Church of England offers coffee, cake and community solidarity as it “prays for country” ahead of Brexit

Since the referendum, it has had the capacity to create awkward silences at dinner parties, the demise of even the strongest relationships and rifts across the family dinner table.

However the Church of England has now proffered itself as the unlikely mediator amid Brexit discussions and division.

As negotiations reach a pivotal point in parliament and Europe, churches yesterday[TUES] announced that they will host a weekend prayer to encourage people to “get together and chat over a cup of tea and pray for our country and our future”.

The initiative, backed by the Archbishops of Canterbury and York, will see churches across the country hosting informal café-style meetings over the weekend of March 30 to bring together people of all opinions and to encourage open discussion.

Introductory notes for those taking part urge respect for the integrity of opposing views, and encouraging communities which feel the same about the issues to use their imagination to consider the viewpoints of those who feel differently.

Resource packs include specially-chosen Bible passages and prompt questions to start conversations. Questions for those attending include:

‘What effect has Brexit had in your family relationships, friendships etc and if you disagreed, has it been possible to disagree well?’ and: ‘What are the three main things we have in common that we can build on for a better future as a community and as a nation?’

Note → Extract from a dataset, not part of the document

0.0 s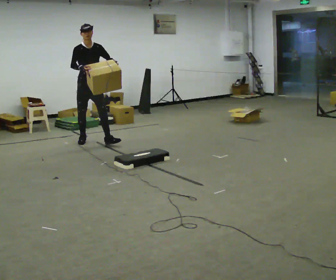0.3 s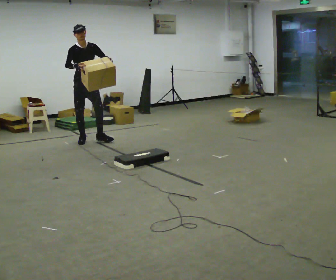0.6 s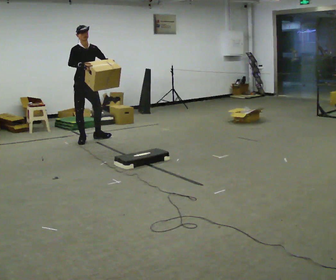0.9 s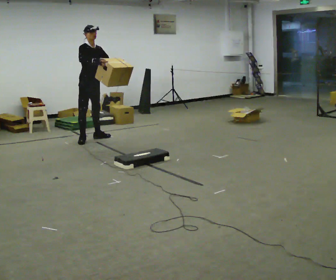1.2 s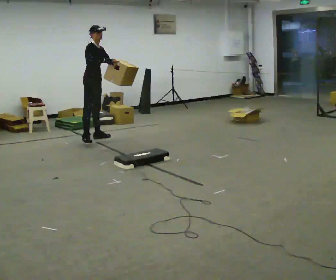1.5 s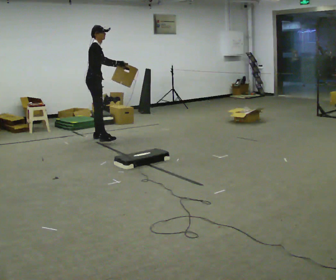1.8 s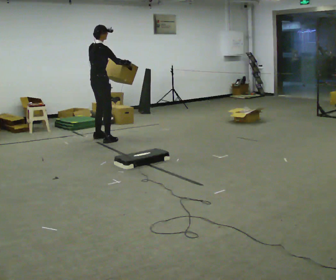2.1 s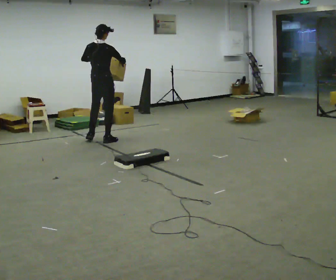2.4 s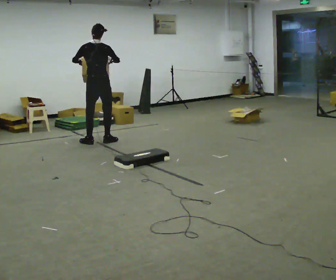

They also include a new prayer entitled ‘a prayer for the nation’. It reads:

‘God of hope, in these times of change, unite our nation and guide our leaders with your wisdom. Give us courage to overcome our fears, and help us to build a future, and help us to build a future in which all may prosper and share; through Jesus Christ our Lord. Amen.”

Last month the Archbishop of Canterbury, Justin Welby, announced that he was preparing for five days of prayer after Brexit.

He said he wants to pray in public with the leaders of the Catholic, Methodist, Baptist and United Reformed churches on the day after Britain leaves.